Experts highlighted the importance of finding the right partners who can support the startup’s growth and provide the necessary resources. They emphasised that strategic alliances with healthcare providers, research institutions, and marketing companies can significantly enhance the startup’s reach and impact.
Structuring financial agreements: Properly structuring financial agreements ensures mutual benefit and long-term success. This involves legal safeguarding and a clear understanding of what each party brings to the table. Transparency and clear communication are key to building successful partnerships.
Experts shared their insights on structuring financial agreements, emphasising the need for legal teams to safeguard interests and ensure clarity in agreements. They highlighted that many innovators struggle with knowing what they want, leading to challenges in forming successful partnerships.
Letting go for greater success: Startups often need to adopt a philosophical approach, sometimes letting go of some control to see their innovation succeed on a larger scale. This might involve licensing the product to a larger company or forming joint ventures. While it may mean sharing the profits, it ensures that the product reaches the market and benefits patients.
Experts discussed the concept of ‘detached attachment,’ where innovators let go of some control to achieve greater success. They emphasised that this approach allows startups to leverage the resources and expertise of larger players, ensuring that their innovations reach a wider audience and have a more significant impact.

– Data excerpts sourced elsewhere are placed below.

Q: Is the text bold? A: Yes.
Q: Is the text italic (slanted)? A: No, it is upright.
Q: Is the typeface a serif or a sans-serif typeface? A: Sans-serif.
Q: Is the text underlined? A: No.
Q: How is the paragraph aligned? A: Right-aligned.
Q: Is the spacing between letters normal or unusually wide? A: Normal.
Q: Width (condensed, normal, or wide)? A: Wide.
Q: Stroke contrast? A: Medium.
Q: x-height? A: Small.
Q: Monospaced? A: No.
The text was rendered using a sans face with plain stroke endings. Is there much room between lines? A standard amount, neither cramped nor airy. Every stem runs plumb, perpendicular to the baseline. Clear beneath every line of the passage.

The Role of incubators and support systems
Support from incubation centres: Incubation centres play a vital role in supporting health tech startups. They provide access to mentors, facilities, and funding opportunities. These centres help startups navigate the complex ecosystem, offering support in areas such as intellectual property, business modelling, financial projections, and technology development.

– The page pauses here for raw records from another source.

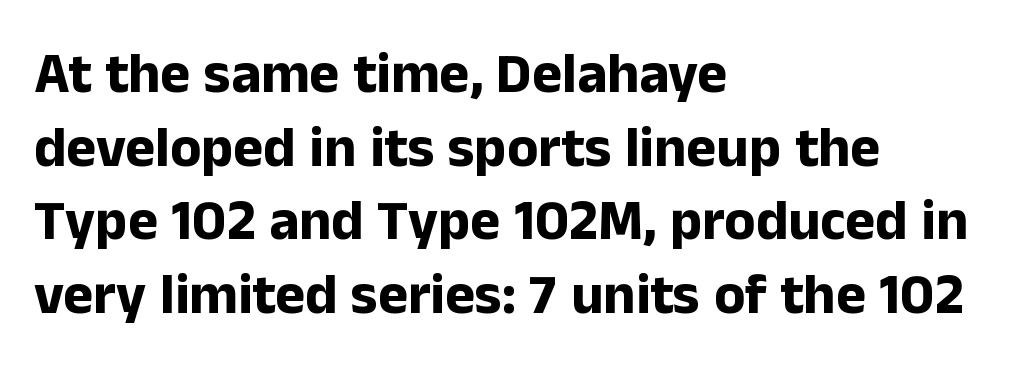
Q: Is the text bold? A: Yes.
Q: Is the text italic (slanted)? A: No, it is upright.
Q: Is the typeface a serif or a sans-serif typeface? A: Sans-serif.
Q: Is the text underlined? A: No.
Q: How is the paragraph aligned? A: Left-aligned.
Q: Is the spacing between letters normal or unusually wide? A: Normal.
Q: Is the spacing between lines tight, normal or loose? A: Normal.
Q: Width (condensed, normal, or wide)? A: Normal.
Q: Stroke contrast? A: Low.
Q: x-height? A: Medium.
Q: Monospaced? A: No.

Entrepreneurs shared their positive experience with incubation centres, highlighting the support they received in the form of mentorship, facilities, and funding opportunities. They emphasised that these centres are crucial for startups to navigate the complex ecosystem and achieve success.

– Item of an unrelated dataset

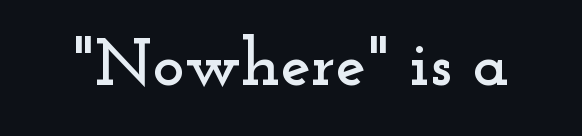
{"serif": "yes", "italic": "no", "width": "wide", "stroke_contrast": "low", "x_height": "small", "monospaced": "no", "underline": "no", "letter_spacing": "normal", "letter_spacing_em": 0.0, "glyph_px": 68}

Grants and funding programs: Government and private grants are essential for supporting early-stage startups. Programs like BIRAC in India offer initial seed funding, growth funds, and commercialization funds. These grants help startups develop prototypes, conduct clinical trials, and bring their products to market.
Experts discussed the importance of grants and funding programs in supporting early-stage startups. They highlighted that these programs provide crucial financial support and resources, enabling startups to develop prototypes, conduct clinical trials, and bring their products to market.
Building a supportive ecosystem: Creating a supportive ecosystem involves collaboration between startups, incubators, investors, and policymakers. By working together, these stakeholders can address common challenges, streamline regulatory processes, and provide the necessary resources for startups to succeed.
Experts emphasised the need for a collaborative ecosystem to support startups. They highlighted that collaboration between startups, incubators, investors, and policymakers is essential for addressing common challenges, streamlining regulatory processes, and providing the necessary resources for startups to succeed.
Conclusion
The journey of health tech startups is challenging but rewarding. Navigating regulatory compliance, securing funding, validating the market, and forming strategic partnerships are critical steps in bringing innovative solutions to market. By understanding these challenges and leveraging the support of incubation centres, grants, and strategic partners, startups can overcome obstacles and achieve success. This article provides valuable insights for aspiring entrepreneurs and stakeholders in the health tech sector, fostering a better understanding and collaboration to drive innovation in healthcare.
In conclusion, the discussion highlighted the importance of transparency, compliance, and strategic partnerships in navigating the challenges faced by health tech startups. It also emphasised the role of data-driven validation and the need for a supportive ecosystem to ensure the success of innovative solutions in healthcare. By addressing these key areas, startups can improve their chances of securing funding, gaining market acceptance, and ultimately making a significant impact on patient care and outcomes.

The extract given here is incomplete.